There is no ambiguity in my mind here, though you seem to be getting my point. The claims of Marks is entirely about what can be computed from data. He makes the claim that ASC is good way of empirically measuring CSI. That is the whole purpose of the study. In this context we do not know the true P, but can only guess it. If the result is dependent on choice of P, then his entire claim is false. Essentially, as you put it:

Which is to say that ASC is not useful in a practical setting, contra his claims. That is precise challenge I am making. If ASC is not practically useful, we still have no way of measuring CSI (as Marks admits in the paper). This leaves CSI as very poorly defined concept without any way of engaging real data till his problem is solved. I know there are other attempts to solve this problem, but they all have analogous defeaters.

## Valid Choice of P

Your criteria for valid estimated P is interesting.

We can prove criterial is only satisfied if and only if \forall X, P_{ext}(X) = P_{true}(X). Remember, that P is normalized, so that the sum across all X equals 1. So too much density for one outcome, has to be compensated for with too little density at some other outcome, which would violate your inequality. Therefore, by your criteria, the estimated P is only valid if and only if it exactly equals the true P. I certainly agree.

The criteria you’ve put forward makes my point. The inequality ASC < CSI only applies if you know exactly what the true P is, but we do not know the true P for any biological sequence. ASC is, therefore, practically useless. Remember, the only valid P is the true P, so we have no way of constructing a valid ASC.

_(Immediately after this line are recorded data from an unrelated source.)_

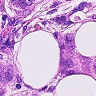
Metastatic tissue present: yes
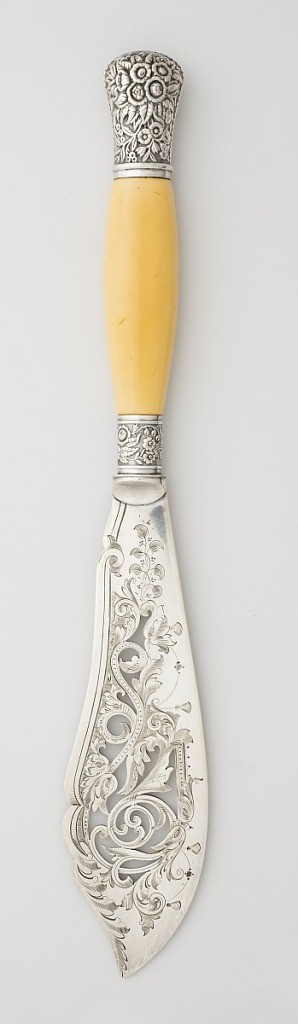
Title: knife
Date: ca. 1880
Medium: metal, silver plate, celluloid
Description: Large fish serving knife with wide saber-shaped blade and ivory handle. Blade of curving saber-shape with pointed tip, with rounded cutting edge scalloped top edge. Blade decorated with pierced spiral foliate pattern, surrounded by engraved scrolling foliate and floral pattern, interspersed with dotted band border. Reverse side lacks engraved decoration surrounding pierced spirals. On both sides, line border following shape of scalloped edge. Silver ferrule decorated with scrolling vine and floral pattern on stippled ground, connecting to ivory handle. Terminal of rounded fan-shape and decorated with dense floral pattern.
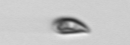
Label: Cryptophyta
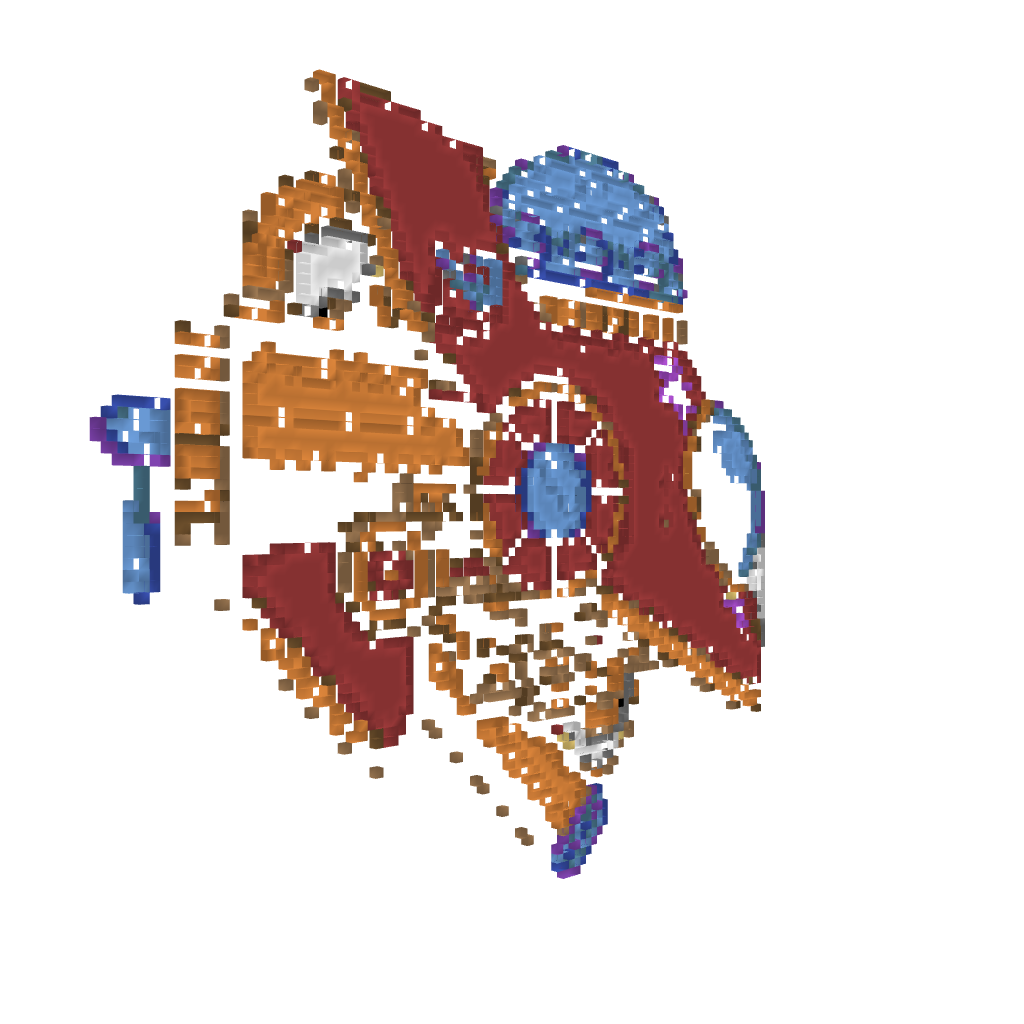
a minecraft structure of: Wily Machine #2 (ErnieCIII) bad low quality

That was not my claim at first. Though it appears to be true. If finding a valid estimated P is equivalent to finding the true P. That is impossible. Finding the true P is equivalent to finding the ideal compression, which we know is uncomputable. There is a simple algorithm for transforming the true P into the ideal compression. So if we can determine the true P, then compressibility is computable, However, we already know that leads to contradiction: compressibility is not computable. Ergo, determining the true P of, for example, DNA is provably impossible.

## What is at Stake

It seems we are tracking very closely with the logic of the paper. You’d have to show where you deviated from the logic of the paper. Or perhaps, where they went wrong. This is, after all, your idea that they have developed.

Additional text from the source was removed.